Colonel George John Miller Ridehalgh (1835–1892) was a director of the North Lonsdale Iron and Steel Company, colonel of the 2nd Westmorland Volunteer Battalion Border Regiment] and one of the founder members of the Royal Windermere Yacht Club. He lived at Fell Foot Park in Staveley-in-Cartmel, Cumbria, England, where the gothic boat-houses he built still exist and are Grade II listed buildings, although the house was demolished in 1907.
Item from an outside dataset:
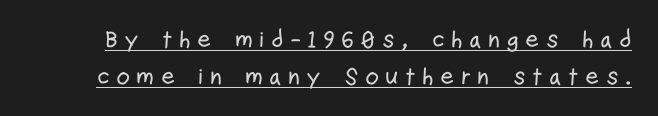
Q: Is the text italic (slanted)? A: No, it is upright.
Q: Is the text underlined? A: Yes.
Q: Is the spacing between letters normal or unusually wide? A: Unusually wide.
Q: Is the spacing between lines tight, normal or loose? A: Normal.

He married Frances Rosa "Fanny" Reade in 1856; she died in 1870, and they had no children. A group of nearly 60 letters he had written to her over the years before their marriage were found in 2006 in a secret compartment of a desk under restoration, and reported in the Daily Telegraph. He later married Elizabeth, but is buried in Staveley churchyard in a grave shared with Fanny, whose inscription reads "In affectionate remembrance of Fanny Rosa, the beloved wife of GJM Ridehalgh of Fell Foot, died May 2nd, 1870, aged 45 years. Blessed are the dead who die in the Lord".

He owned several yachts on Windermere. The Britannia, built for him in 1879 by Seaths, was bought by the Furness Railway in 1907 and carried 122 passengers in great comfort as a charter vessel. She was laid up during World War I and scrapped in 1919.